▶ Activity
Output every line below exactly.

▶ Provided data
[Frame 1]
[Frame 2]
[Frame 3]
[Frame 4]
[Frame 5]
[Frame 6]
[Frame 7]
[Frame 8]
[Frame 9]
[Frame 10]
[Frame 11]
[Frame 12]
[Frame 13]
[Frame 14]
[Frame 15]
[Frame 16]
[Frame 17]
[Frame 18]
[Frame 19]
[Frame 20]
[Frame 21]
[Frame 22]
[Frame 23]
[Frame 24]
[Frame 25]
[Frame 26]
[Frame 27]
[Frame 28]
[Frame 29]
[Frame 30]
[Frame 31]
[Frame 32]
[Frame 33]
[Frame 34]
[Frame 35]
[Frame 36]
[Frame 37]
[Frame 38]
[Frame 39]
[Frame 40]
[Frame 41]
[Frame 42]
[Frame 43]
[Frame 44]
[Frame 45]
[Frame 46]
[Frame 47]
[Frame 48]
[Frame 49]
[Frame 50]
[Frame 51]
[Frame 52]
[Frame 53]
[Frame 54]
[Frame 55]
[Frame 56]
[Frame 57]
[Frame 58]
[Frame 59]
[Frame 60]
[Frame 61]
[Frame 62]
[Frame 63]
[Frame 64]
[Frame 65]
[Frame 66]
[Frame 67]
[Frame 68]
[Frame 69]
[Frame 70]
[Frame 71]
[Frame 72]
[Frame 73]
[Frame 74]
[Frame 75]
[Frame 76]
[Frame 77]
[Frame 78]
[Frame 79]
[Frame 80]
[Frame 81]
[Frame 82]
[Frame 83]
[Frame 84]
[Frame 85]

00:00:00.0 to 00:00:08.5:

▶ Result
[Frame 1]
[Frame 2]
[Frame 3]
[Frame 4]
[Frame 5]
[Frame 6]
[Frame 7]
[Frame 8]
[Frame 9]
[Frame 10]
[Frame 11]
[Frame 12]
[Frame 13]
[Frame 14]
[Frame 15]
[Frame 16]
[Frame 17]
[Frame 18]
[Frame 19]
[Frame 20]
[Frame 21]
[Frame 22]
[Frame 23]
[Frame 24]
[Frame 25]
[Frame 26]
[Frame 27]
[Frame 28]
[Frame 29]
[Frame 30]
[Frame 31]
[Frame 32]
[Frame 33]
[Frame 34]
[Frame 35]
[Frame 36]
[Frame 37]
[Frame 38]
[Frame 39]
[Frame 40]
[Frame 41]
[Frame 42]
[Frame 43]
[Frame 44]
[Frame 45]
[Frame 46]
[Frame 47]
[Frame 48]
[Frame 49]
[Frame 50]
[Frame 51]
[Frame 52]
[Frame 53]
[Frame 54]
[Frame 55]
[Frame 56]
[Frame 57]
[Frame 58]
[Frame 59]
[Frame 60]
[Frame 61]
[Frame 62]
[Frame 63]
[Frame 64]
[Frame 65]
[Frame 66]
[Frame 67]
[Frame 68]
[Frame 69]
[Frame 70]
[Frame 71]
[Frame 72]
[Frame 73]
[Frame 74]
[Frame 75]
[Frame 76]
[Frame 77]
[Frame 78]
[Frame 79]
[Frame 80]
[Frame 81]
[Frame 82]
[Frame 83]
[Frame 84]
[Frame 85]

00:00:00.0 to 00:00:08.5:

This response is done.